嵇康的个性偏重于高洁不辱、愤激张扬的一面,其实这也是道家思想的一个成份。我们前面说过,道家始 祖中像庄子也有不少这样的举动。也许只有这样,这才是嵇康。嵇康的生命被冰冷的利刀终结,但嵇康的形象却被鲜血染得更加夺目,嵇康的思想并没有被专制的屠 刀所斩断,反而在后世的人们心中播下了种子,许多文人都效法嵇康、阮籍之猖狂。嵇康,像一株挺立青崖间的孤松,永远傲立于史册中,为历代文人所敬仰。
说是"竹林七贤",其实倒不如称之为"竹林七怪"更贴切些。嵇康的脾气不好,性格偏激,常有"非汤武薄周孔"、"以六经为芜秽,以仁义为臭腐"之类让礼教伪君子们瞠目的奇论,但说到放浪形骸的恶搞本领在竹林七贤中却是远不如二阮(阮籍、阮咸)和刘伶这三人。

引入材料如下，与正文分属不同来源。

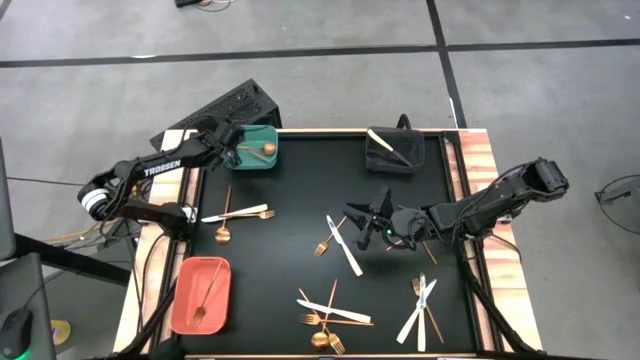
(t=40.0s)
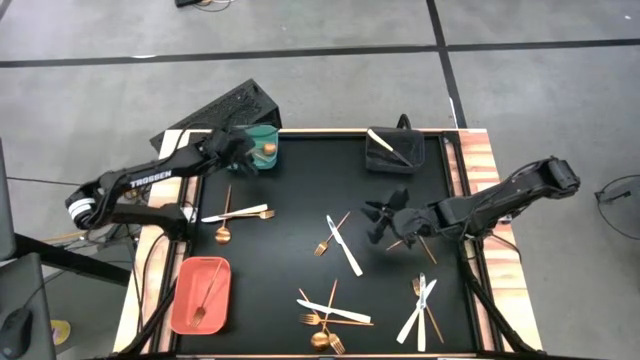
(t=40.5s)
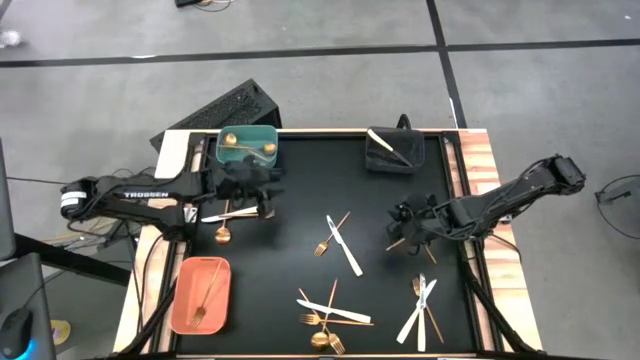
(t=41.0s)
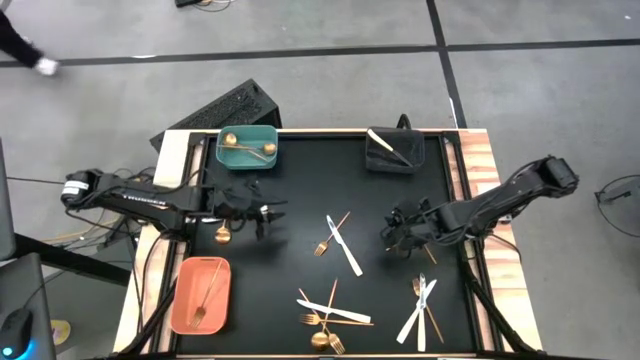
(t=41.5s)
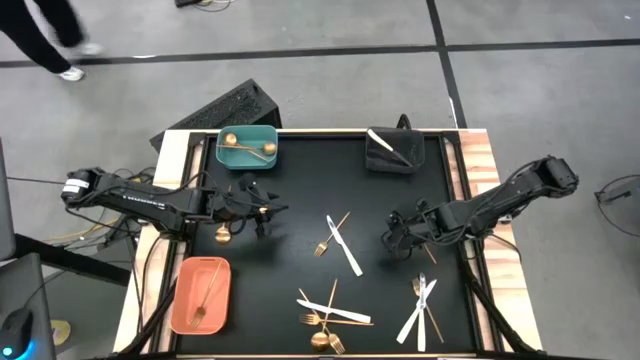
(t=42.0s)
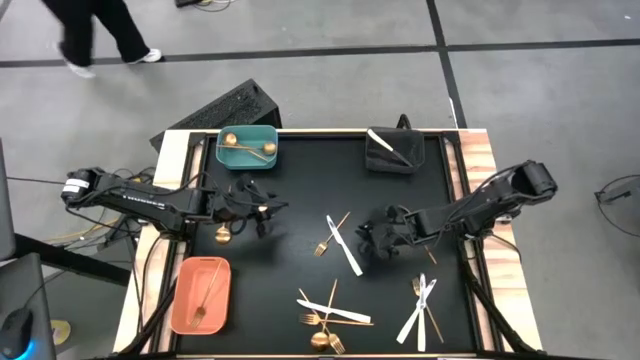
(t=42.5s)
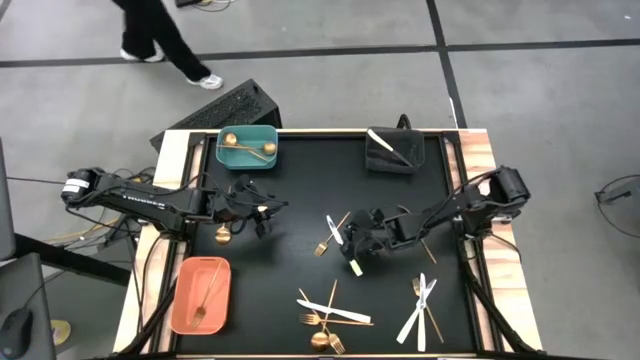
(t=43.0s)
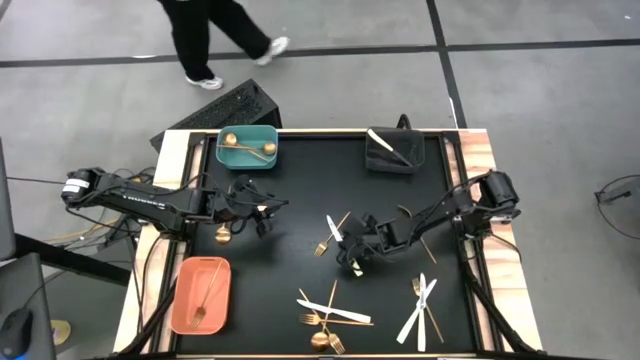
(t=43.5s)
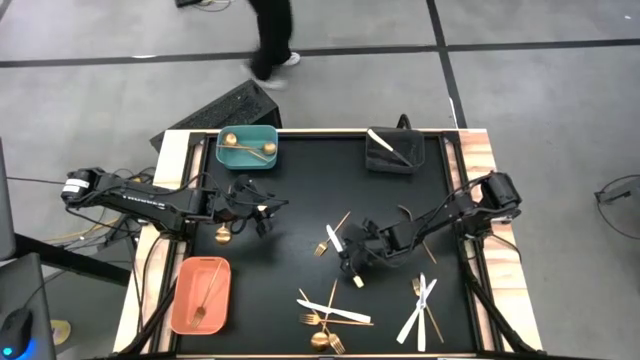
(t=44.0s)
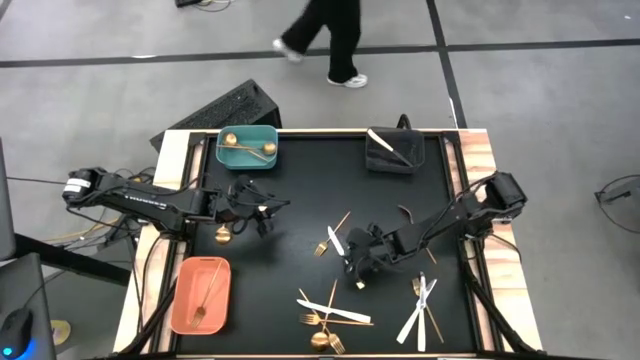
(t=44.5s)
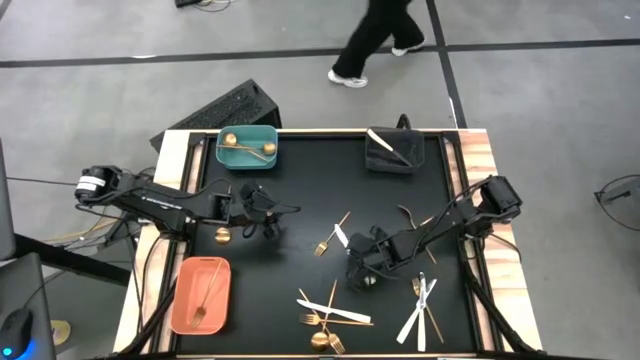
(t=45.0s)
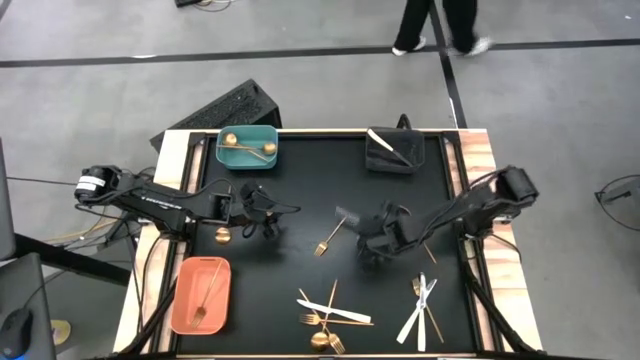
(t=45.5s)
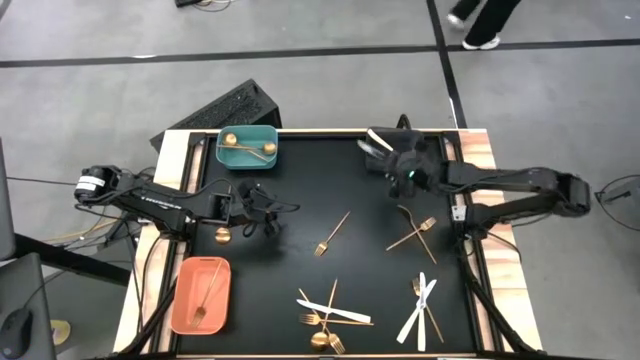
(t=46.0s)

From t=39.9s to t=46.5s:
Task: Sort silverware by color (type)
Put the white knife into the black bin

阮籍还有个特点,就是会做"青白眼"。注意,不是青光眼,意思是说,阮籍如果遇到不喜欢的人,他不和你答话还不算,而且将眼一翻,只露出白眼球对着你, 阮籍这一手也不得了,给我们留下一个成语叫"青眼有加",意思就是对你特别看重。阮籍做青白眼的原则是见"礼俗之士,以白眼对之",阮籍母亲死后守丧期 间,嵇康的哥哥嵇喜去吊丧,虽然嵇喜和嵇康是兄弟,但性格不一样,阮籍不待见他,就白眼看他,看得嵇喜满身不自在,就匆匆回去了。
而嵇 康听说后,不像嵇喜一样拿着花圈--那时没花圏,可能是纸钱烧纸一类吧,而是挟着琴拿着美酒烧鸡去,阮籍大喜,马上黑眼珠转过来了。像阮籍这样的作为,当 时的礼教人士非议他的人也很多,"疾之若仇",有人向皇帝提议要治他的罪,至少将他发配到偏远之地,以免损害所谓"礼俗",但司马昭很袒护他。说来阮籍的 狂放之举比之嵇康的更加厉害,不过阮籍有个特点,虽然狂放,但并不针对某个人,《晋书》云:"籍虽不拘礼教,然发言玄远,口不臧否人物",有句话叫"宁说 玄话,不说闲话",所谓玄话,就是不着边际的话,比如你可以骂布什也可以骂萨达姆,但如果你骂老板,那后果可就不大一样。阮籍"发言玄远,口不臧否人 物",意思就是虽然他说的话惊世骇俗,但是却不对身边的人物加以评论,因此他没有像嵇康得罪钟会那样树起明显的仇人。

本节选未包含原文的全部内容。